In fact, recently, Siddaramaiah has expressed doubts whether the coalition will last out even up to the parliamentary elections. The challenge Kumaraswamy faces within the coalition are those of policy interconnectedness, personality clashes and the clash of interests. The coordination committee that was constituted to oversee the functioning of the coalition needs to function more effectively. It can make or break the coalition.

‘Coalition of the willing’

Kumaraswamy realises that he is not running a majority government but hopes that his coalition will become a model and trend for the forthcoming parliamentary elections. What matters is coalition management and coalition output. As far as the BJP is concerned, they believe that the internal contradictions, pressures and pulls of the coalition will render it dysfunctional, which will have a bearing on the parliamentary elections.

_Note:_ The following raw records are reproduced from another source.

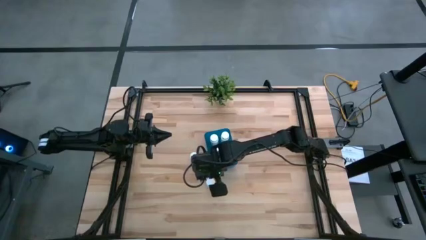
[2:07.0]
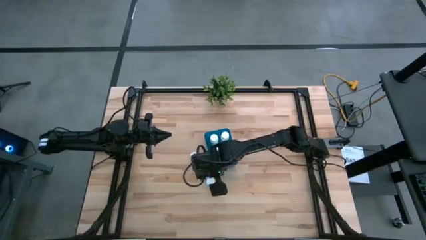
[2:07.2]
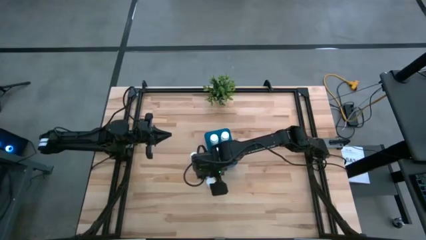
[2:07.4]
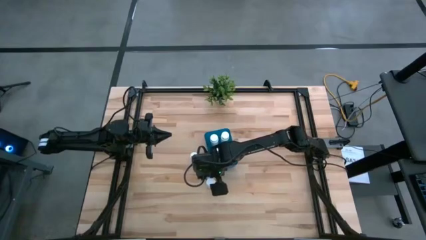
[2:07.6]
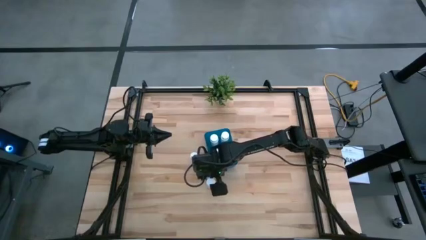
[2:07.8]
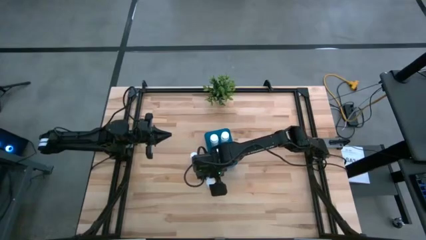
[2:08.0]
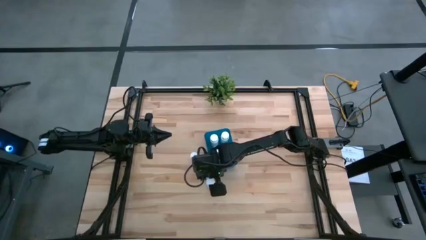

Though the JD(S)-Congress coalition is one of convenience, it is important to ensure that it becomes a ‘coalition of the willing’. The state’s pluralist character also gets reflected in coalition politics. It has to grow on the principle of shared interests and beliefs, with a capacity to maximise common goals. Very often, the two main partners do not share the same intensity of interests. To many, the coalition experiment seems to reflect the art of the impossible. The dilemma is that though coalitions can be inherently shaky, they are the only option available for the survival of political parties.

The greatest threat to the present coalition in Karnataka is the clash over diverse ideologies, interests and egos. One continues to grapple with the dilemma of constituting stable coalitions in various states of India.  The numerical ability of the coalition to govern also matters. Though several permutations are mathematically feasible, they are not necessarily politically workable.

This is a hard lesson for many coalitions in India. International experience of coalition politics shows that instability is never far away, but also that parties with opposing ideologies can work together. Kumaraswamy has no choice but to come to grips with the delicate demands, dilemmas and pressures of managing a coalition in the circumstances in which he finds himself. Intra-party and inter-party conflict management is critical to coalition governance in Karnataka.

(The writer is Professor and Dean (Arts), Dept of Political Science, Bangalore University).